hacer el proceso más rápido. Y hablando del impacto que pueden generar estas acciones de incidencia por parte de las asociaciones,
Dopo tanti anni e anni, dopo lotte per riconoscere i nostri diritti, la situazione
...
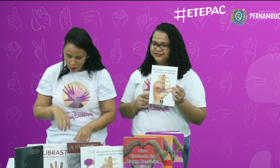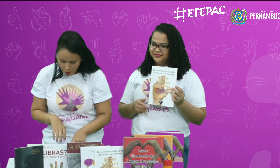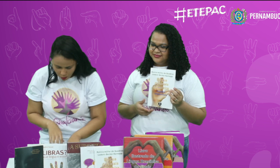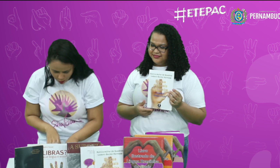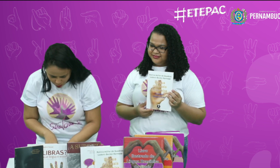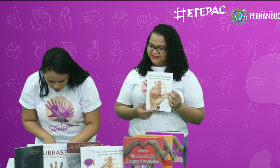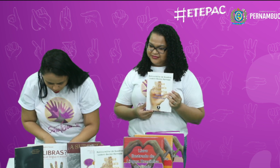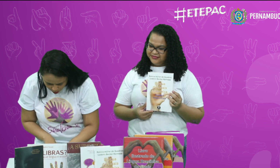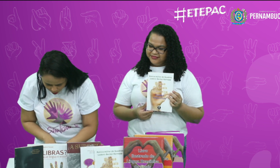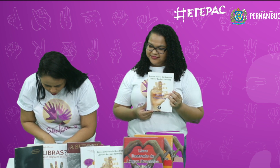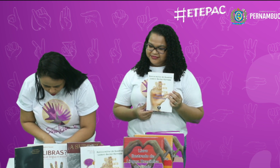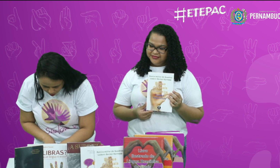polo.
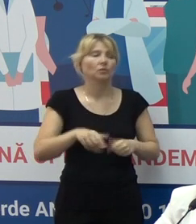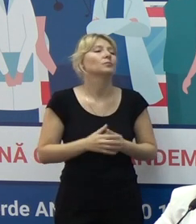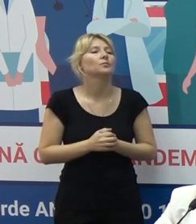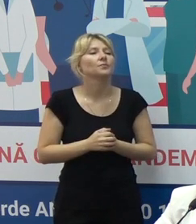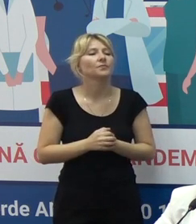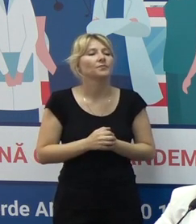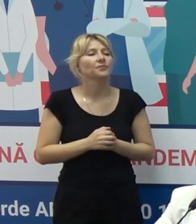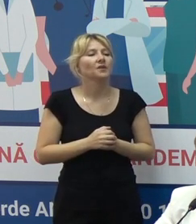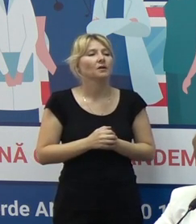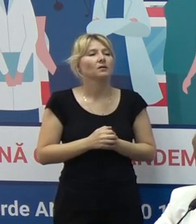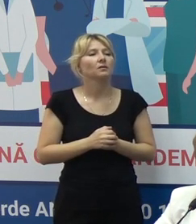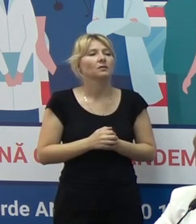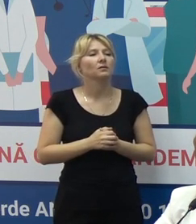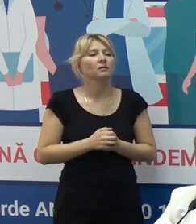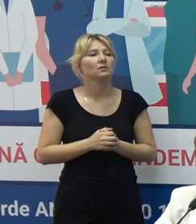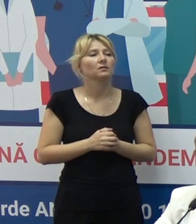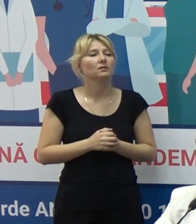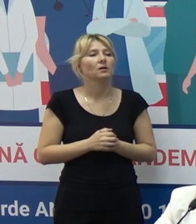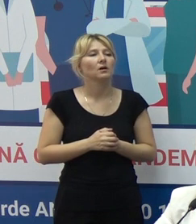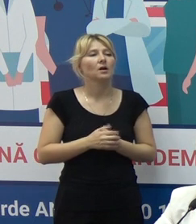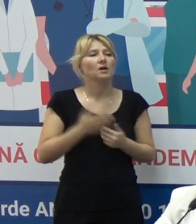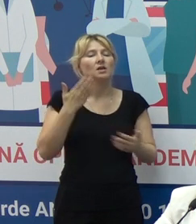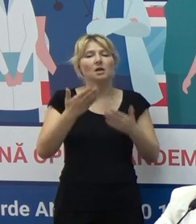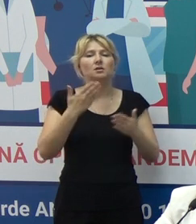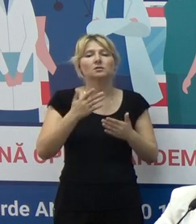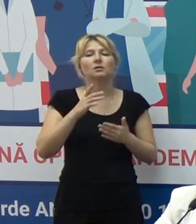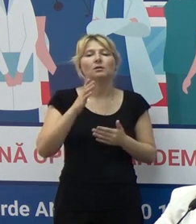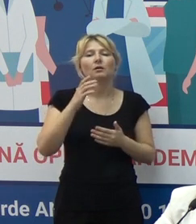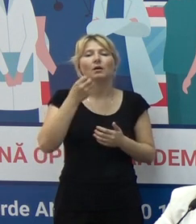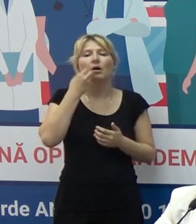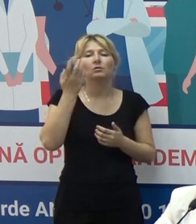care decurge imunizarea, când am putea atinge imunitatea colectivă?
* * *
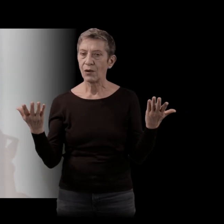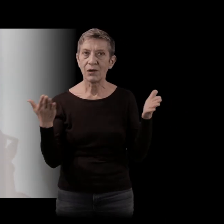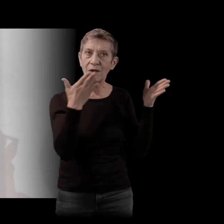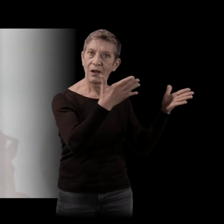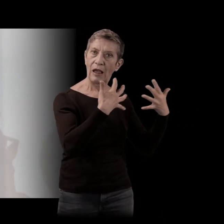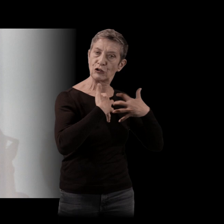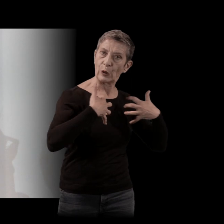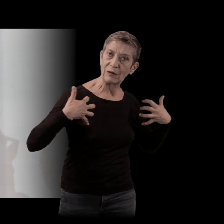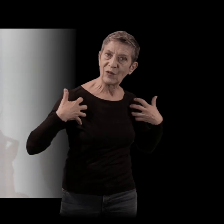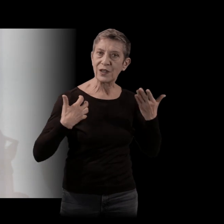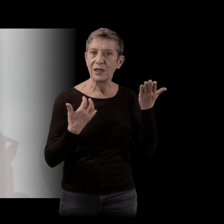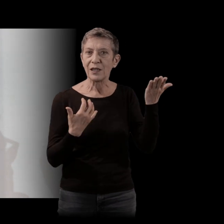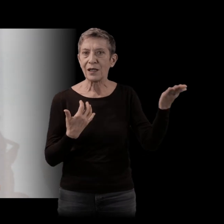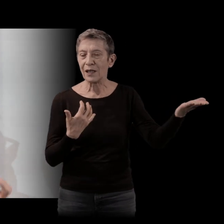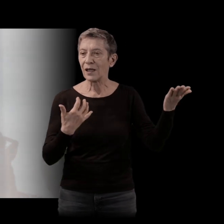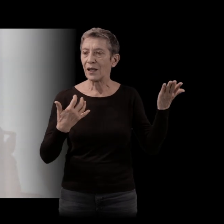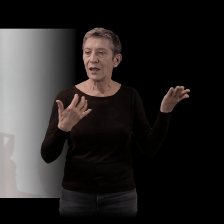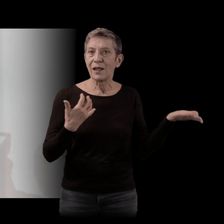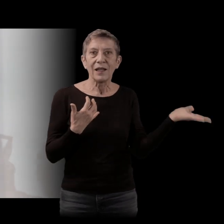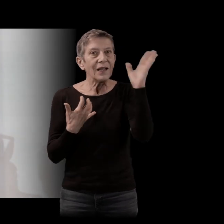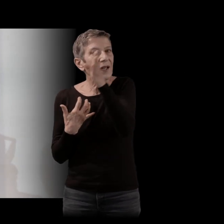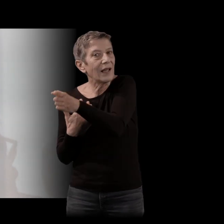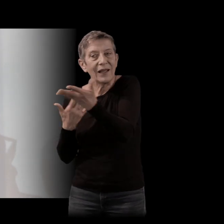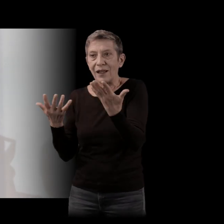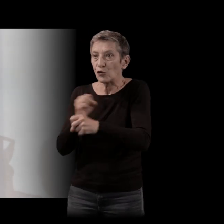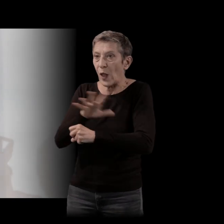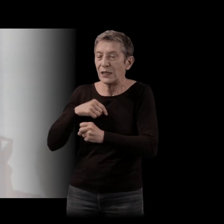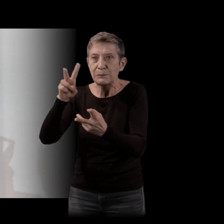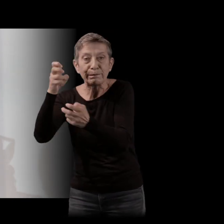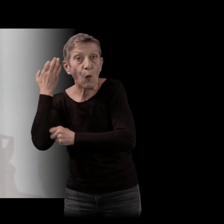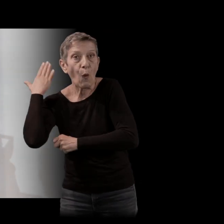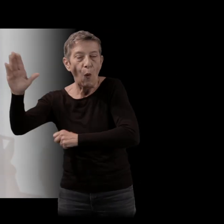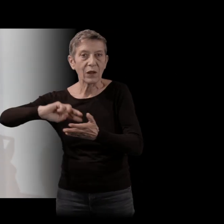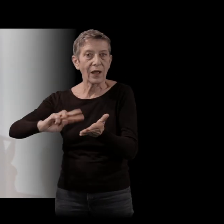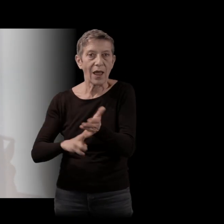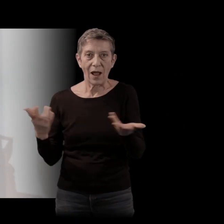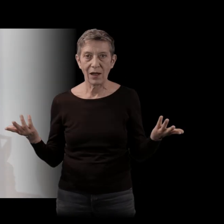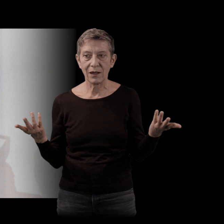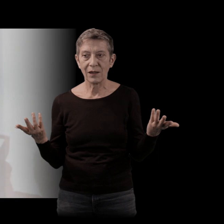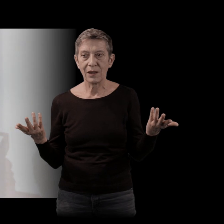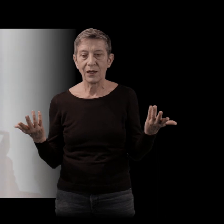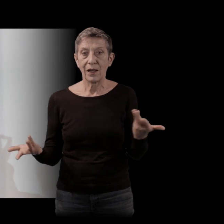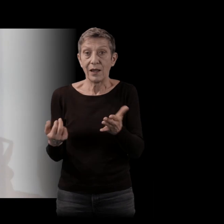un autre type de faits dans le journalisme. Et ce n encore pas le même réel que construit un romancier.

## What the exercise asks
Above is a listing; print exactly its lines from the one with "hacer el proceso" through the one with "Dopo tanti anni", and no other lines.

## Task output
hacer el proceso más rápido. Y hablando del impacto que pueden generar estas acciones de incidencia por parte de las asociaciones,
Dopo tanti anni e anni, dopo lotte per riconoscere i nostri diritti, la situazione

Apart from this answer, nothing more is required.